I nodded. “You ever want help... I know some people.”

Cole’s eyes narrowed. “You’ve changed, too.”

“Yeah,” I said. “Used to think the law was enough. That following the rules would make things right. But now… after everything?”

“Sometimes justice doesn’t come from law enforcement,” Cole said. “Sometimes it comes from the people who survived it.”

I looked at him. Really looked.

“Hey,” I asked. “You got any pigs on that ranch?”

Cole raised an eyebrow. “Thinking of starting a farm?”

“Nah.
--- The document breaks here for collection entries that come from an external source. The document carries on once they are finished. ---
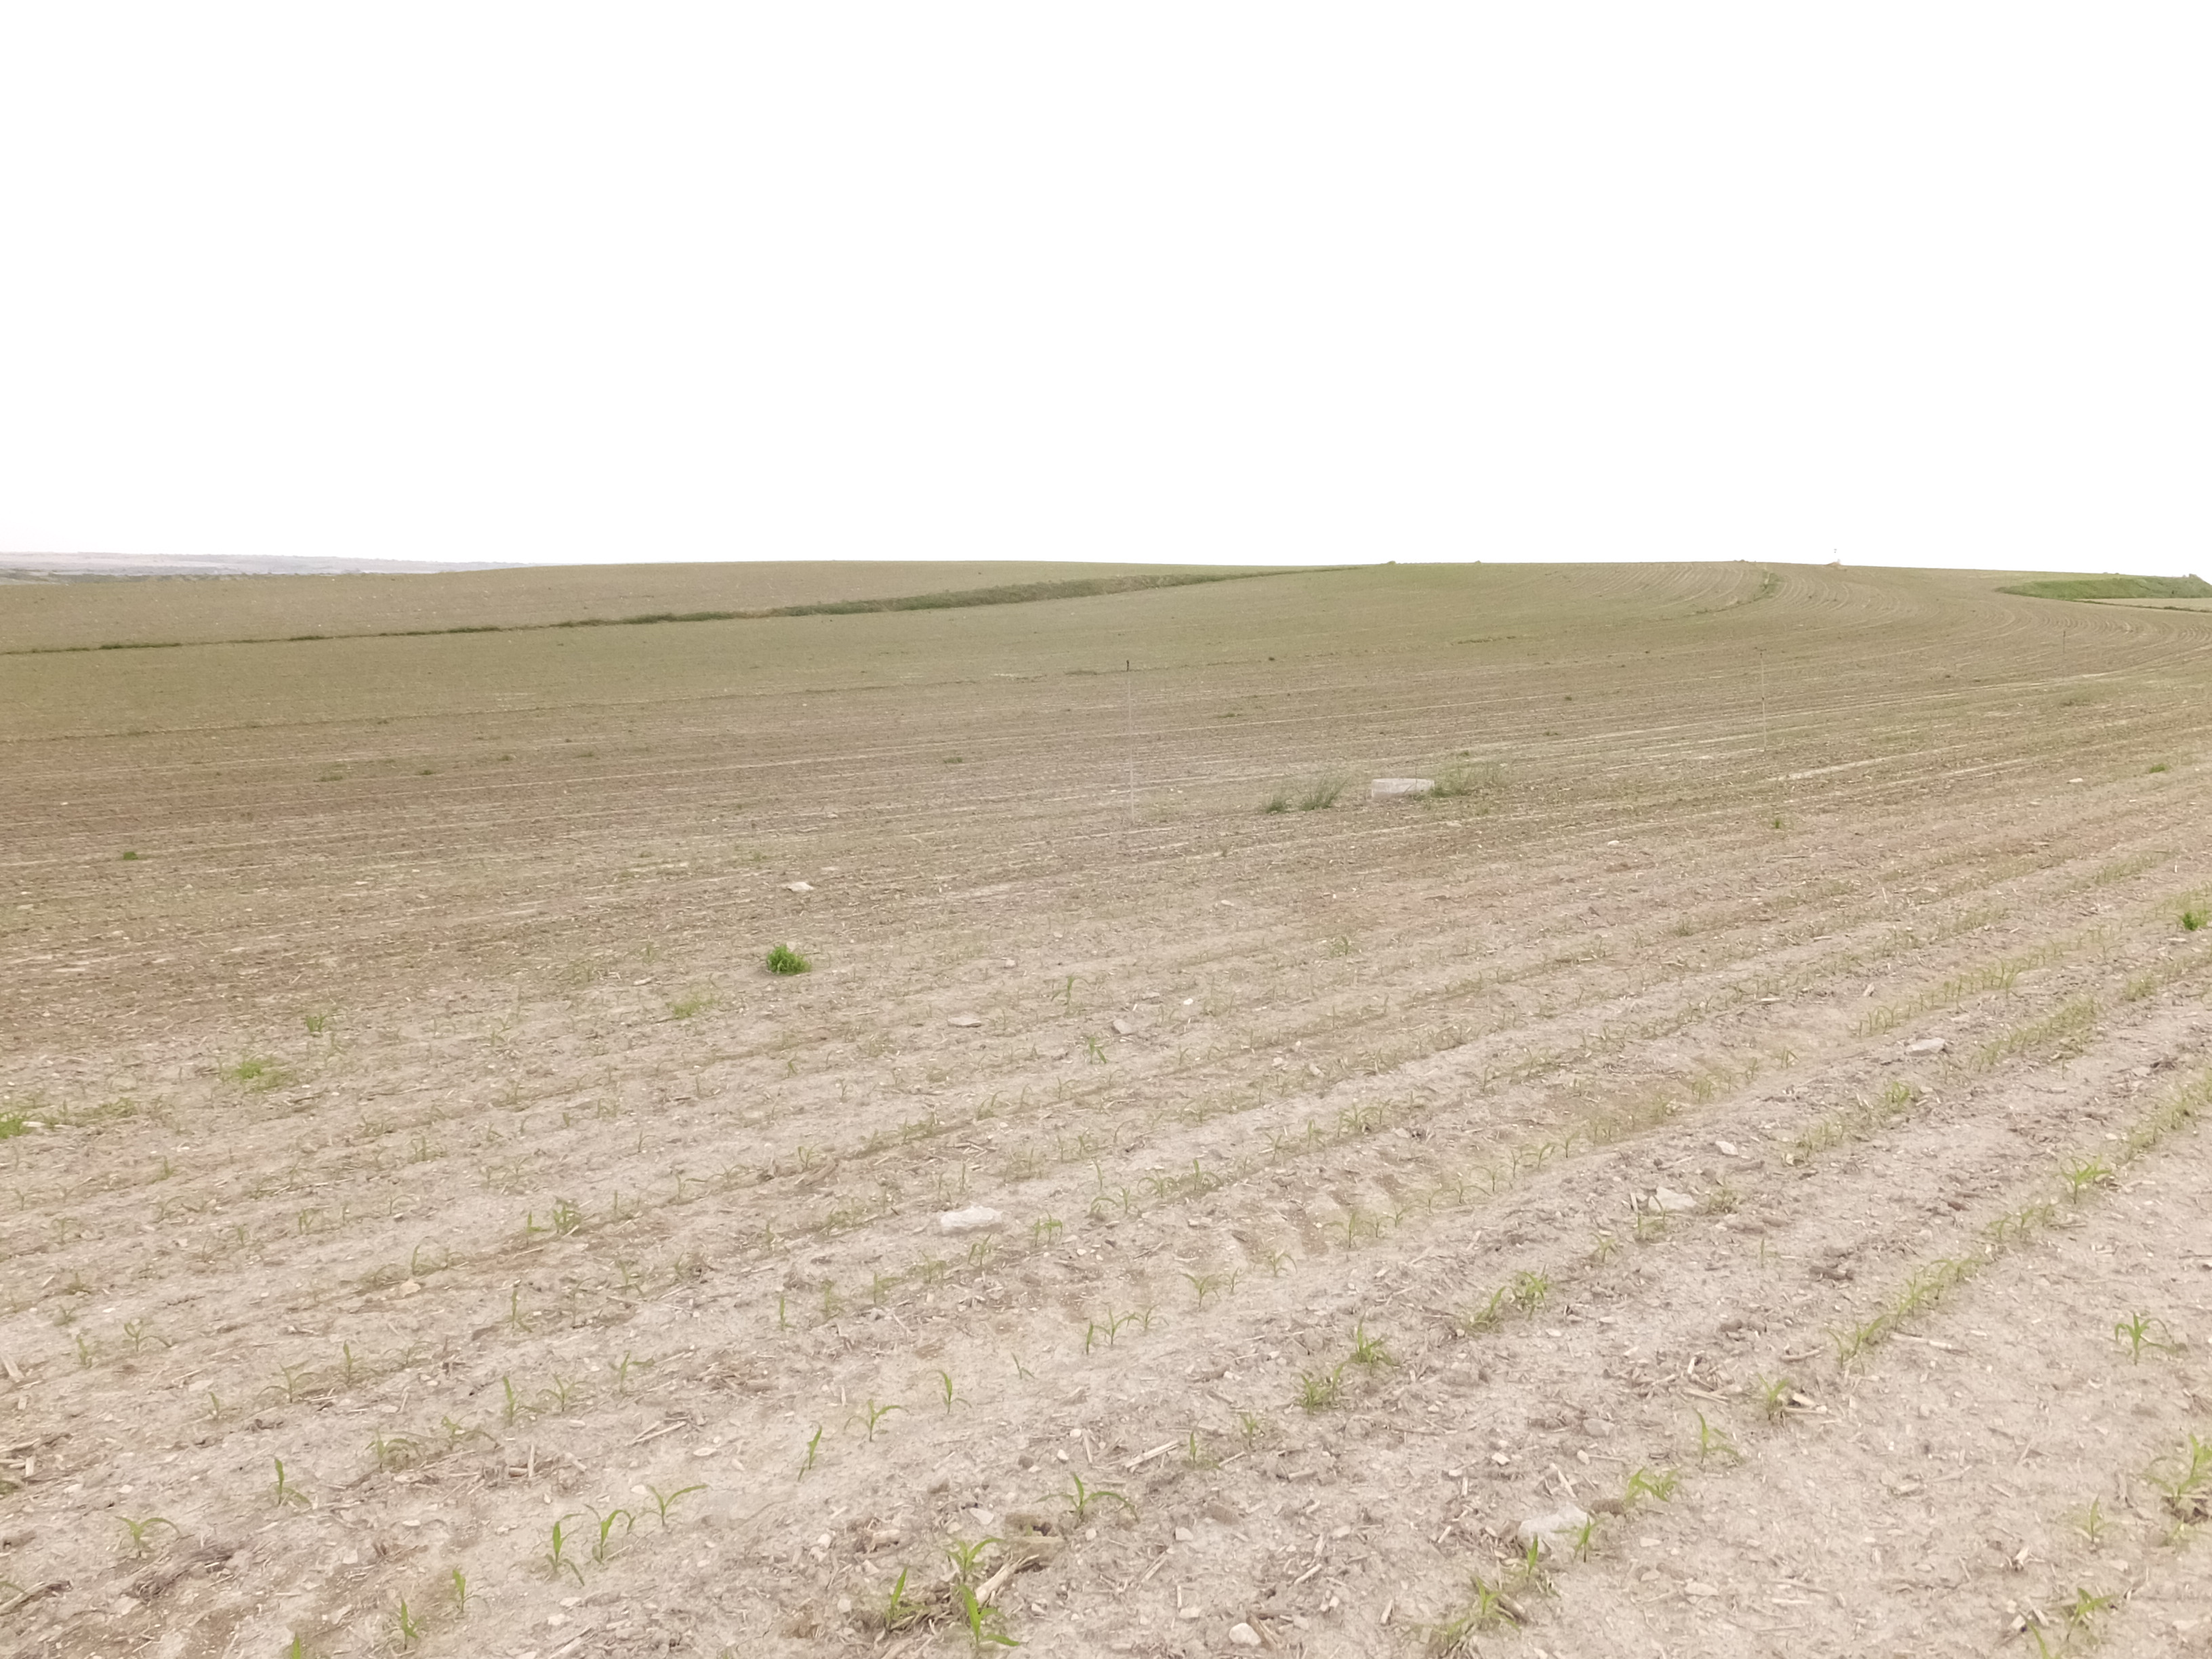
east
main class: Cropland
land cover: Maize
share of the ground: < 10 %
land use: Agriculture (excluding fallow land and kitchen gardens)
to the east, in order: Maize; Grass margins; Maize
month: May
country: ES
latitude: 41.5454
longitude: -0.1214
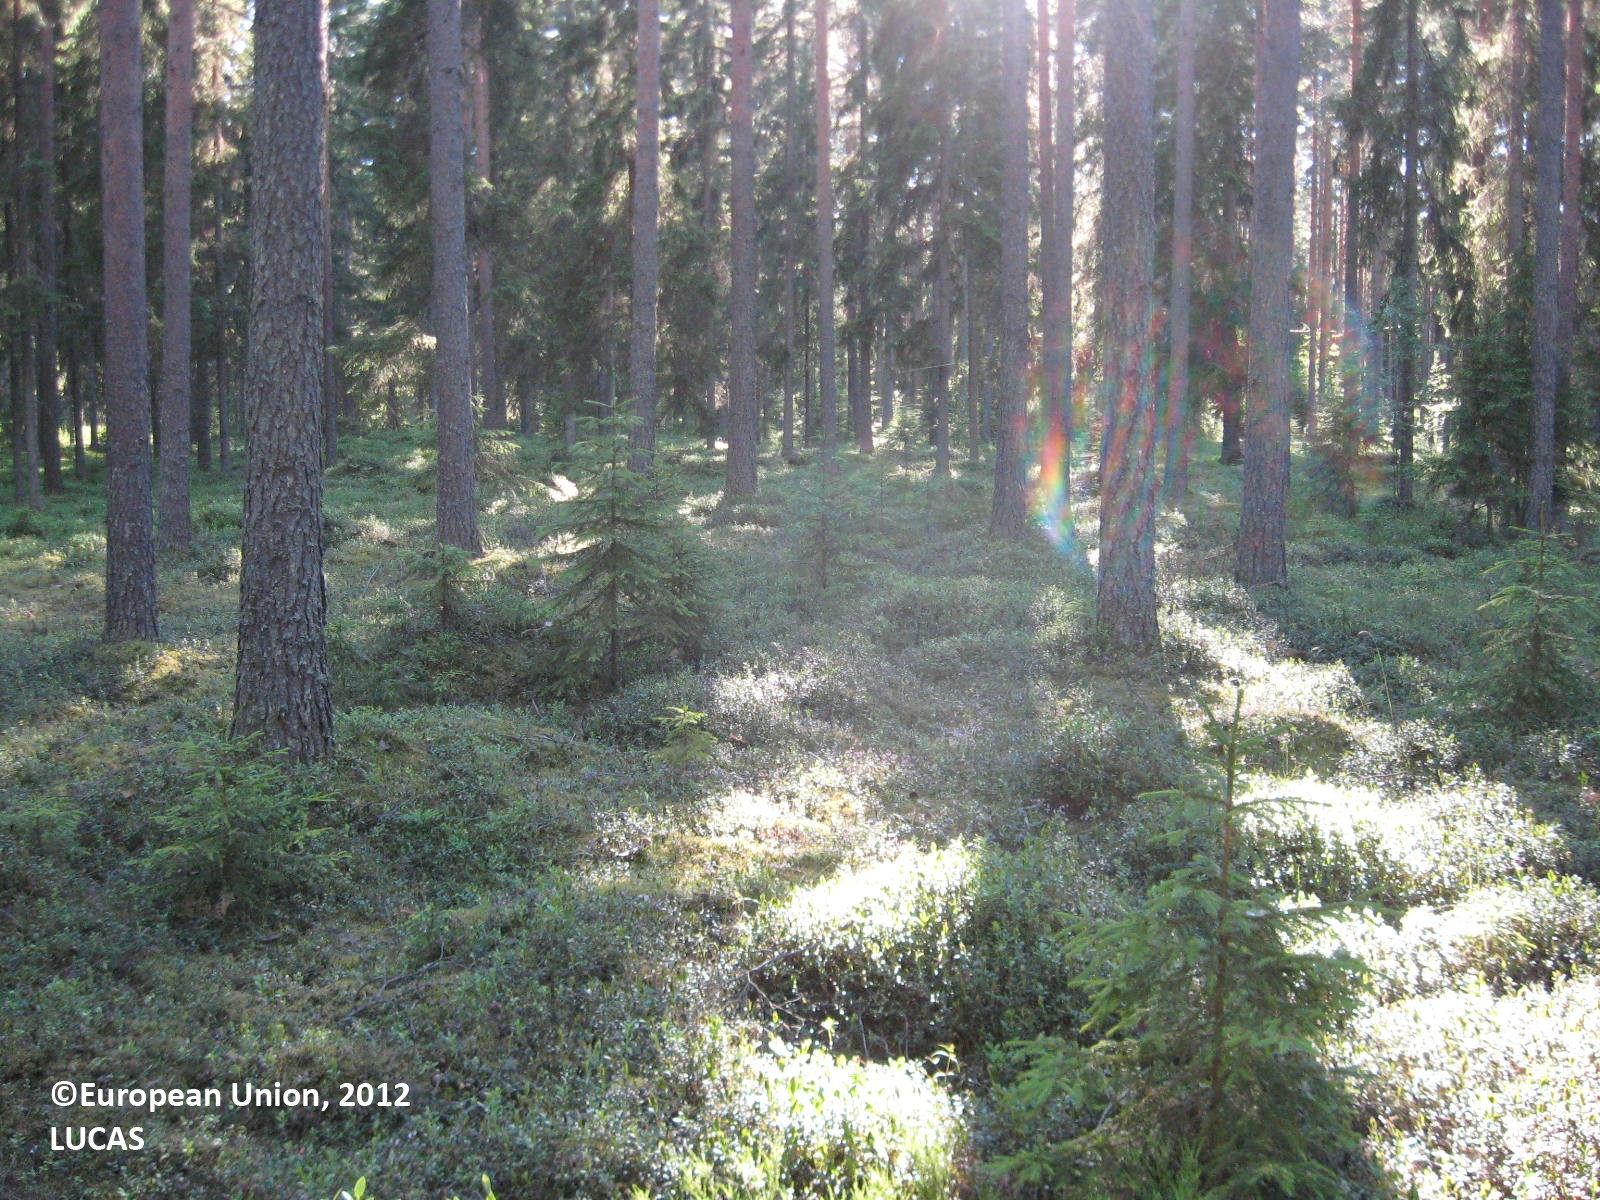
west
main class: Woodland
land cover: Other coniferous woodland
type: boreal forest
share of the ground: > 75 %
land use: Forestry
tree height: > 5 m
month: July
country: FI
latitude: 62.7476
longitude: 22.7218
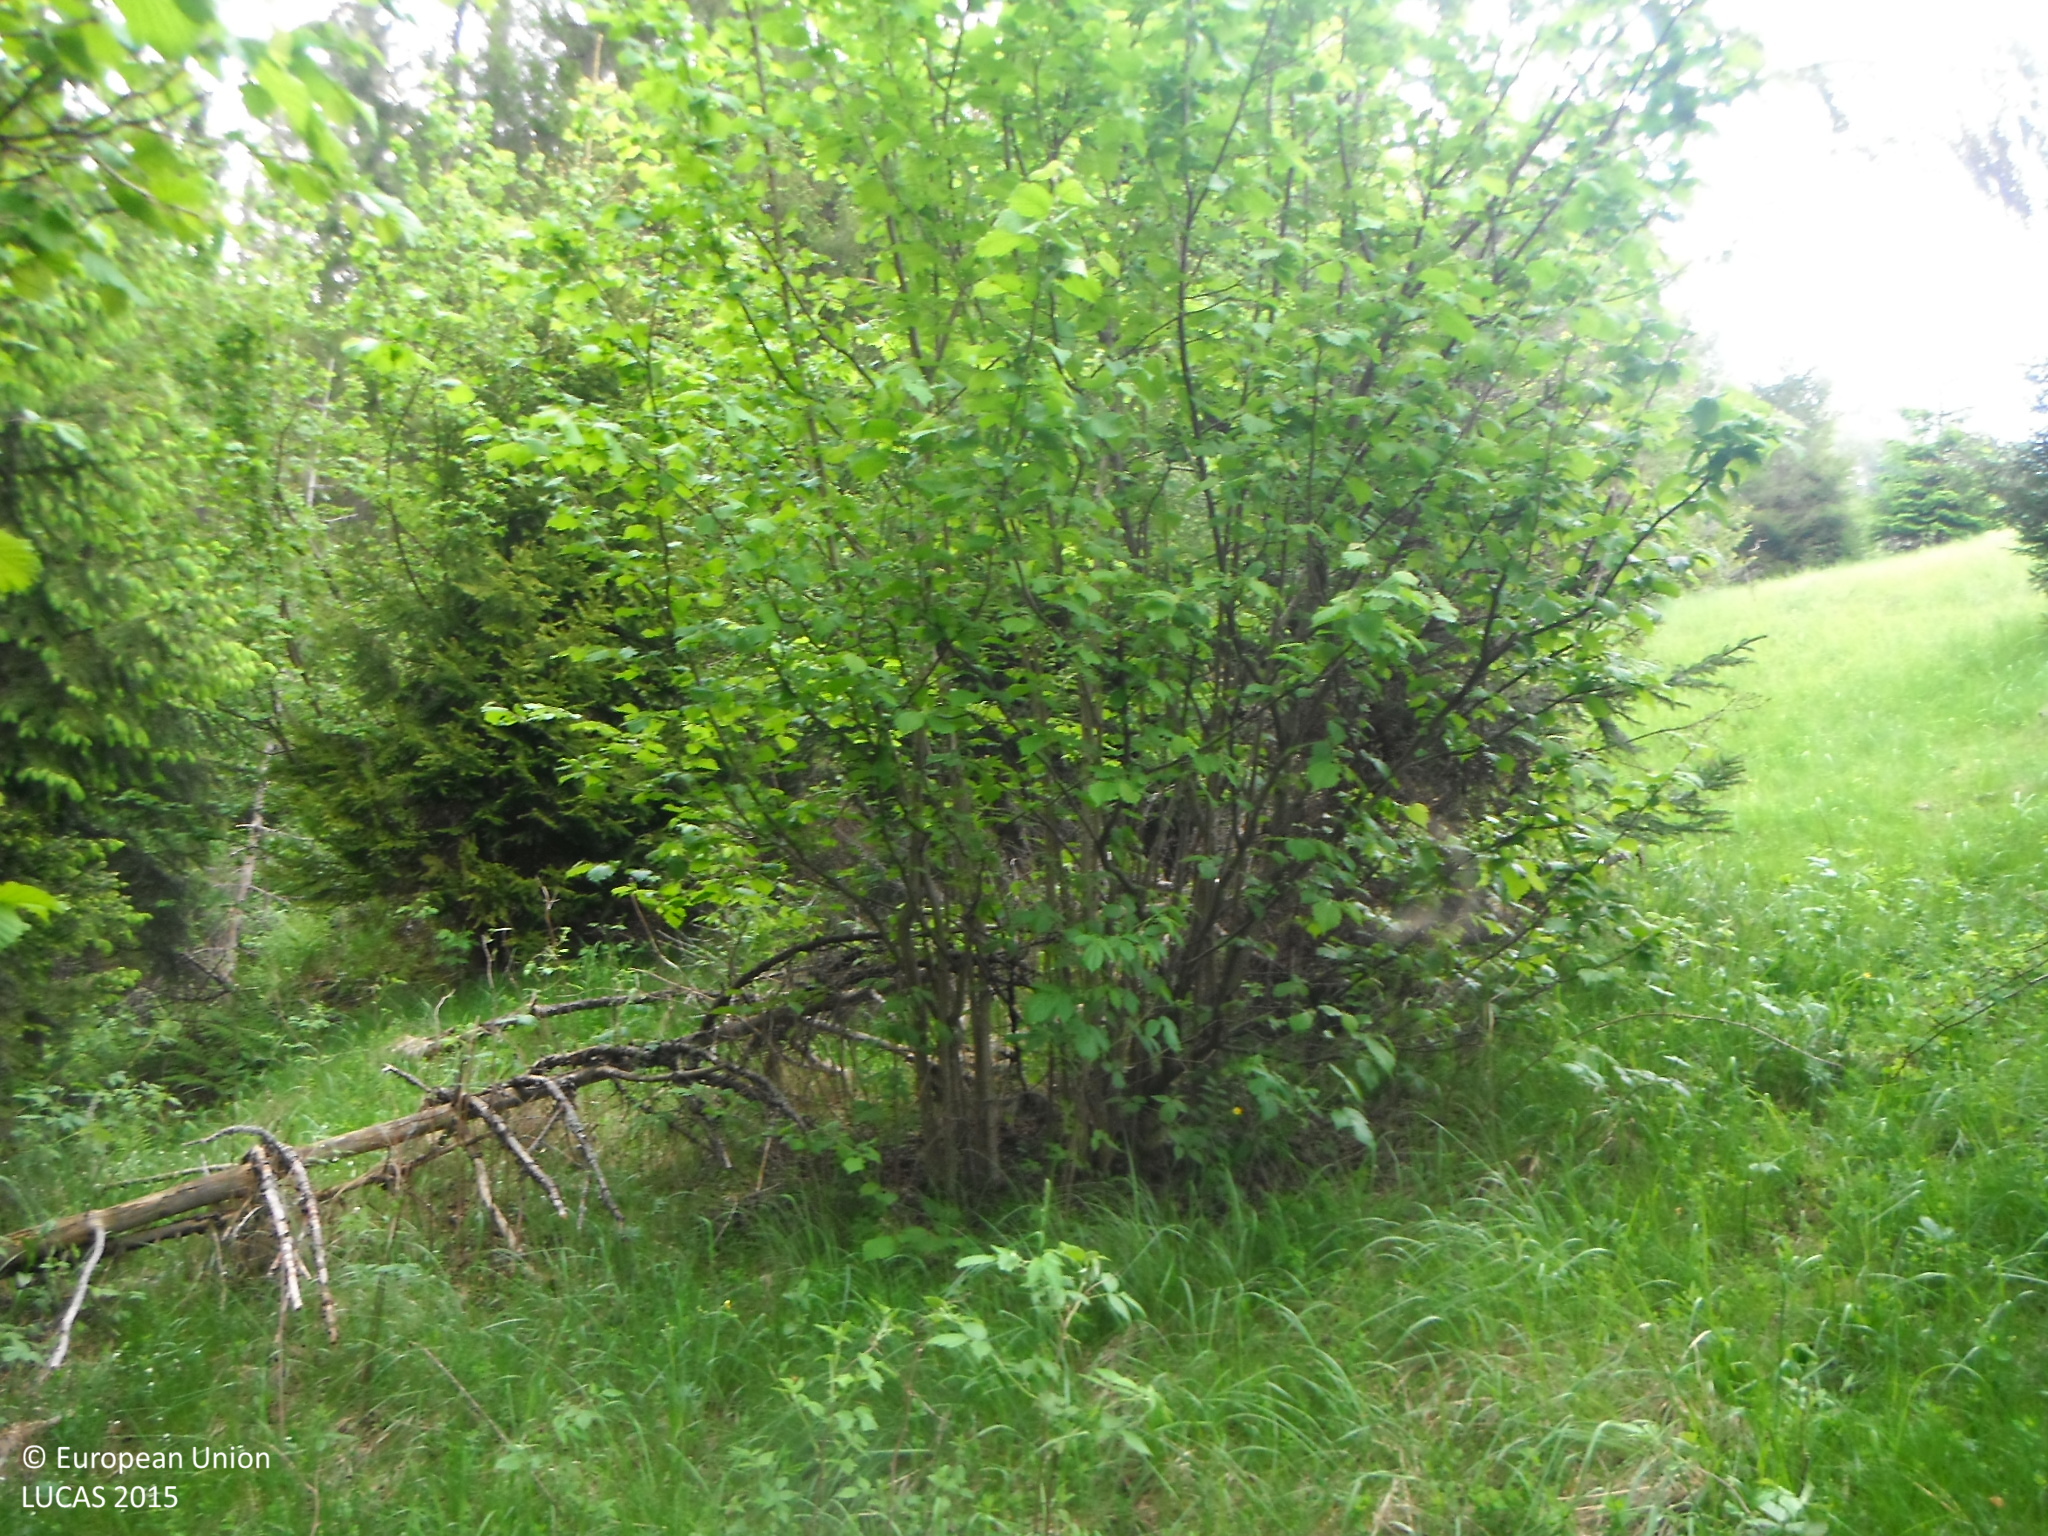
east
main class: Woodland
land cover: Other mixed woodland
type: hemiboreal forest and nemoral coniferous forest and mixed broadleaved-coniferous forest
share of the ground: > 75 %
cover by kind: broadleaved forest trees 60 %, coniferous forest trees 40 %
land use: Forestry
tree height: > 5 m
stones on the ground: 10 - 25 %
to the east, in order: Other mixed woodland; Ditches and canals; Other mixed woodland
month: June
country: SK
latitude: 49.0952
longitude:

Just wondering if you’ve got anything... hungry.”

Cole’s smirk sharpened. "You got a specific piece of trash that needs to be taken care of?"

"Maybe," I said. "I've got something well past a year over its expiration date."

“You let me know when you need to feed the animals, Chief.”

We shook hands.

And as he walked away, I looked back toward the hospital doors, where Remi Carter had disappeared minutes ago.

That girl wasn’t just holding the line.

She was the goddamn line.

And I knew I would be working in the grey so I could be there with her, not to lead her, not to fix her.

But to stand beside her.

Because if justice wasn’t going to come clean, maybe we’d make our own.